O Ceará não pretende alterar sua política de incentivos apenas para responder a novas vantagens oferecidas por outros Estados, afirma o secretário de Desenvolvimento Econômico do Estado, Régis Dias.

O Ceará oferece até 75% de redução sobre o ICMS devido ao Estado para as empresas interessadas em instalar uma unidade no Estado, com validade por dez anos prorrogáveis por igual período. Dias diz que a política de incentivos cearense segue a determinação da legislação federal que prevê o término das concessões em 2014.

Além dos incentivos fiscais, também são concedidas vantagens como infra-estrutura (água, energia, gás natural), doação de terrenos e terraplanagem. "Parte dos incentivos é compensada pelo ICMS de outros setores, como energia e telefonia, além do pagamento da massa salarial. O ganho do Estado está nisso", explica.

O fim da guerra fiscal já foi muito criticado pelos Estados do Nordeste, mas a situação hoje é oposta, diz o secretário da Indústria, Comércio, Ciência e Tecnologia de Sergipe, Tácito Faro. Além de equilibrar mais as oportunidades de atração de empresas, argumenta o secretário, os Estados nordestinos ficaram satisfeitos com a sinalização do governo federal de criação de um fundo de desenvolvimento regional. "Esse dinheiro virá ‘carimbado´ para ser usado apenas em obras de infra-estrutura", disse ele. "É uma boa compensação."

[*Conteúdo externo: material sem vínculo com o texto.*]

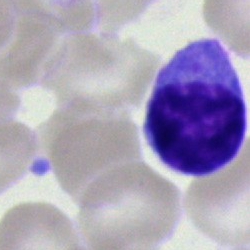 Classification: lymphocyte.
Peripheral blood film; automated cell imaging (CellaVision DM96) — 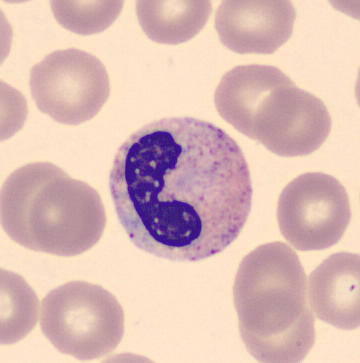Specimen: peripheral blood film.
Morphological class: band neutrophil.
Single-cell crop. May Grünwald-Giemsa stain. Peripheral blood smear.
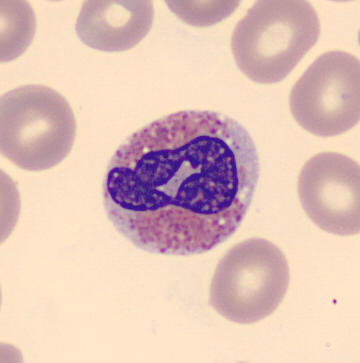
Impression → eosinophilic granulocyte.
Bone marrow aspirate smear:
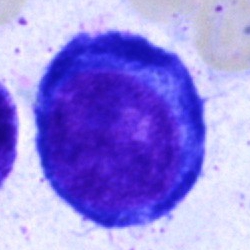
{"cell_type": "proerythroblast", "lineage": "erythroid"}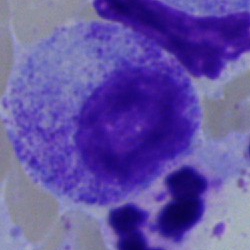
Bone marrow aspirate smear, single cell — myelocyte.

O programa de incentivo de Sergipe oferece diferimento de ICMS com percentual máximo de 92% e prazo máximo de dez anos – em alguns casos ele pode chegar a 15 anos, dependendo do porte do empreendimento e de sua localização. Há apoio para a instalação de infra-estrutura, para abastecimento com gás natural, mas sem desconto no preço.